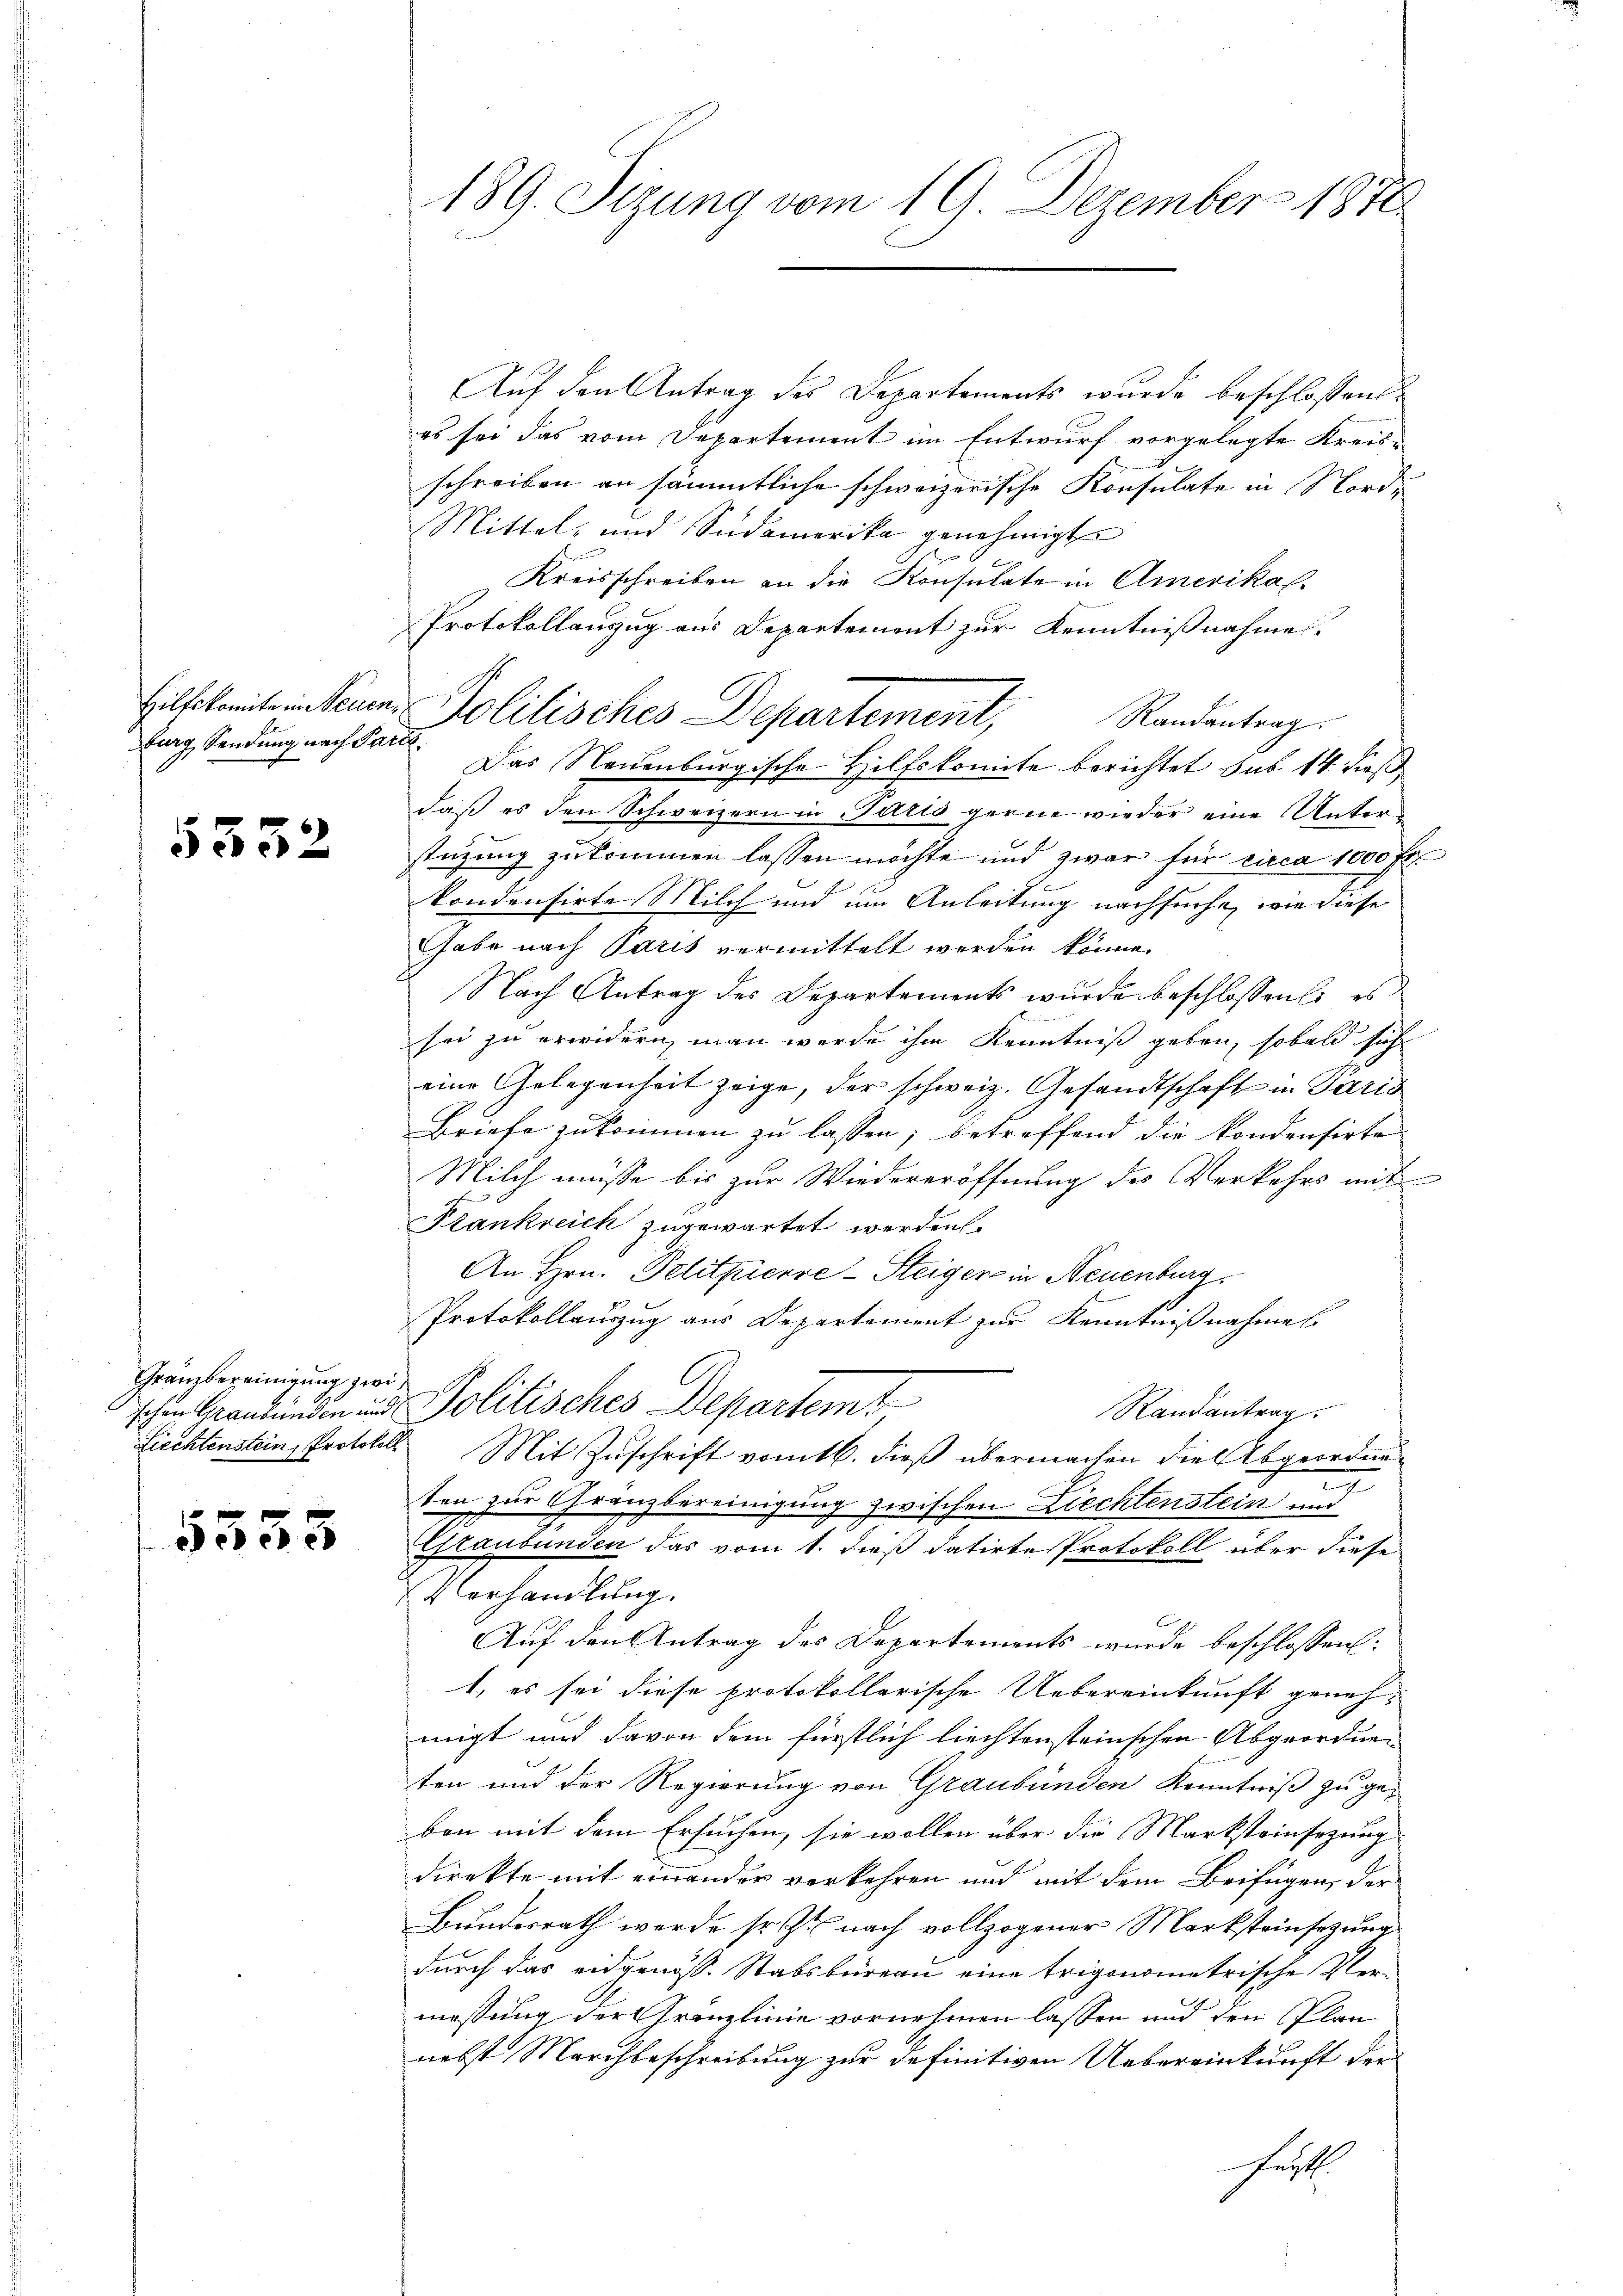
burg, Sendung nach Parts.

5332

Auf den Antrag des Departements wurde beschlossen:
es sei das vom Departement im Entwurf vorgelegte Kreisschreiben an sämmtliche schweizerische Konsulate in Nord¬
Mittel- und Südamerika genehmigt.
Kreisschreiben an die Konsulate in Amerikas.
Protokollauszug aus Departement zur Kenntnißnahme.
Hilfskomit in teuer Politisches Departement, Randantrag
Das Neuenburgische Hilfskomite berichtet sub 14. dieß
daß es den Schweizern in Paris gerne wieder eine Unterstüzung zukommen lassen möchte und zwar für circa 1000 fr.
kondensirte Milch und um Anleitung nachsuche, wie diese
Gabe nach Paris vermittelt werden könne.
Nach Antrag des Departements wurde beschlossens es
sei zu erwidern, man werde ihm Kenntniß geben, sobald sich
eine Gelegenheit zeige, der schweiz. Gesandtschaft in Paris
Briefe zukommen zu lassen; betreffend die kondensirte
Milch müsse bis zur Wiedereröffnung des Verkehrs mit
Stankreich zugewartet werden.
An Hrn. Petitpierre-Steiger in Neuenburg
Protokollauszug aus Departement zur Kenntnißnahmes
schen Graubünden und Politisches Departem t
Randantrag.
Liechtenstein, Protokoll Mit Zuschrift vom 16. dieß übermachen die Abgeordnex
ten zur Gränzbereinigung zwischen Ziechtenstein und
Estaubunden das vom 1. dieß datirte Protokoll über diese
Verhandlung.
Auf den Antrag des Departements wurde beschlossen:
1. es sei diese protokollarische Uebereinkunft genehmigt und davon dem fürstlich liechtensteinschen Abgeordnen
ten und der Regierung von Graubünden Kenntniß zu geben mit dem Ersuchen, sie wollen über die Marksteinsezung
direkte mit einander verkehren und mit dem Beifügen, der
Bundesrath werde so zu nach vollzogener Marksteinsezung
durch das eidgenöss. Stabsbureau eine trigonometrische Ver-
messung der Granzlinie vornehmen lassen und den Plannebst Marchbeschreibung zur definitiven Uebereinkunft der
Festsch

Gränzbereinigung zwi¬

5335

189. Sizung vom 19. Dezember 1876

### Action item
Return word for word the lines from the beginning of the entries through the line that contains "Das Neuenburgische Hilfskomite", both ends included, but no pictures.

### Reply
burg, Sendung nach Parts.

5332

Auf den Antrag des Departements wurde beschlossen:
es sei das vom Departement im Entwurf vorgelegte Kreisschreiben an sämmtliche schweizerische Konsulate in Nord¬
Mittel- und Südamerika genehmigt.
Kreisschreiben an die Konsulate in Amerikas.
Protokollauszug aus Departement zur Kenntnißnahme.
Hilfskomit in teuer Politisches Departement, Randantrag
Das Neuenburgische Hilfskomite berichtet sub 14. dieß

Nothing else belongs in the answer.